How Do You Say ‘Resilient’ in Ukrainian?  

Resilient Ukrainians drive the action, on- and offscreen, in a forthcoming impact film.  

Ben DeVries |
How Do You Say ‘Resilient’ in Ukrainian?  

Underseen is a film about a museum run by visually impaired people. It is also about the resilience it takes to do this during the full-scale invasion of Ukraine.  

Alina, the museum’s founder, and Vika and Katya, museum guides with visual impairments, face challenges both before and after the outbreak of war. It took persistence to open the museum; it takes perseverance to keep it open during wartime. It takes fortitude to navigate a city when you’re visually impaired; it takes new heights of courage when the air raid sirens are sounding.  

As impact people, we might use the word ‘resilience’ to describe a business or organisation. The people in Underseen show the human side of the word.

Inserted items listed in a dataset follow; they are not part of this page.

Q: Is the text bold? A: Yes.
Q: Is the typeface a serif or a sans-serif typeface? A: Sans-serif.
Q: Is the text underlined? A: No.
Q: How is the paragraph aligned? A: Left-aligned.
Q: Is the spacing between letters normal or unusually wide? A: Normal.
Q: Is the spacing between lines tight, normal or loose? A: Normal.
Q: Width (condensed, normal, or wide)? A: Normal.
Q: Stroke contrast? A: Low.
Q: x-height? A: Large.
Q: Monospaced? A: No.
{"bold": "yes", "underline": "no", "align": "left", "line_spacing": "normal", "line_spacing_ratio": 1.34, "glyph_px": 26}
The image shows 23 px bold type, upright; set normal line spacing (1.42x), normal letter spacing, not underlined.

But behind the scenes, resilient Ukrainians also shaped the film immeasurably. 


Behind the scenes   

As mentioned in a previous blog, the story of the film has origins with Alena and Anna from USVF and SILab. Alena, Anna, their organisations and Collaborate for Impact, supported by the European Union, are all instrumental in building the investing for impact ecosystem in Ukraine. On a personal level, it’s been a joy to see their work flourish. Conversations I’ve had with them often leave me inspired to go out and solve a problem. They’ve spoken publicly about the resilience of their organisations in the face of war (including, in Anna’s case, the panel at Impact Week 2023 I had the pleasure of moderating). Every time I’ve heard them speak on this subject I take away the idea that there’s a specific brand of creativity one has to apply to the wickedest problems, and that when you’re tested again and again, you master it. Resilience is something you can stretch and build, like a muscle.  

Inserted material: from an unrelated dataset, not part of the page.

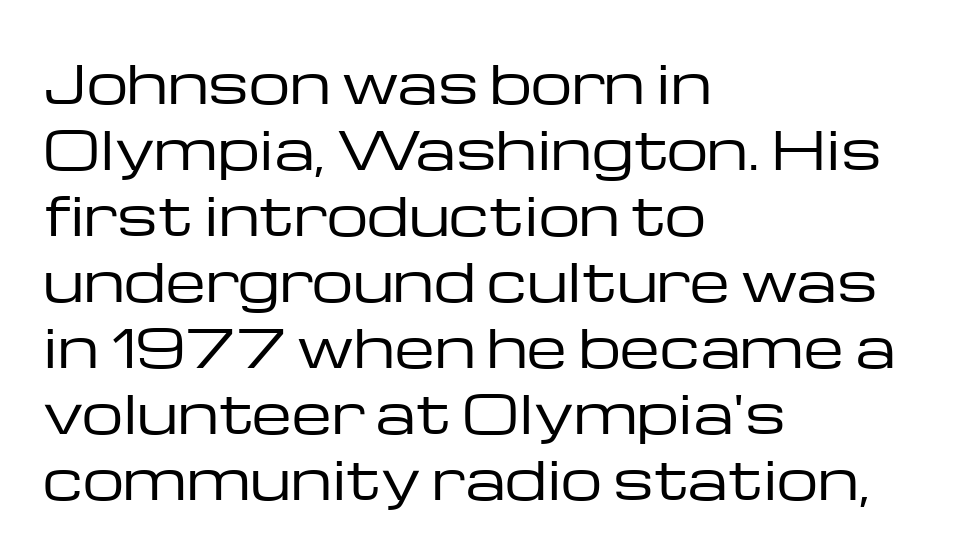
The letterforms sit at book weight or below. Tall strokes in this sample are plumb rather than angled. How would I describe the line gaps? Plain and ordinary. Caption: multi-line text, flush left, ragged right.

As the support of USVF and SILab enabled the Museum in the Dark to scale, the filmmakers filmed interviews with Anna and Alena, soon to be released in two videos. Both organisations continue to shape the social economy in Ukraine. USVF’s latest round of funding offers further support for the Museum in the Dark, enabling the expansion of the museum’s team and programme, a hopeful coda beyond what’s seen in Underseen.  

When it came to making the film, Ukrainians were instrumental in the production from the earliest stages. Director Rafael Cortes connected with a crew based in Ukraine, which means the producer, cameraperson, editor and all technicians were locals. They knew the lay of the land, as Rafael has described, which in wartime meant they were aware of potential disruptions to the production and what kinds of measures could minimise them. They knew when to roll cameras and when to take shelter.  

Air raid sirens interrupted the production regularly. Participants faced air attacks while traveling. When it came time to edit the film, power outages delayed the first cut. It’s hard to describe this kind of shoot as easy. And yet, from what I heard from the crew, and judging from the continuous output of cinema, television, art and more creative work that’s come out of Ukraine since the war began, there is a whole movement of creative professionals who go on doing their work in the face of war. The filmgoing public can expect a lot of great new films coming out of Ukraine, each one made by people with their own stories of resilience in the face of war.  


On resilience  

Towards the end of the film, museum director Alina uses the word ‘resilient’ to describe Vika, Katya and others who tell their stories in the film. Her word choice surprised me at first, just because I’m more used to hearing it applied to businesses and organisations. When Alina called her colleagues resilient, I believe she was using it in the true sense. They withstand challenges. They bounce back stronger. Applying the word to people makes the most sense to me. Applying it to the people in this film is a perfect fit.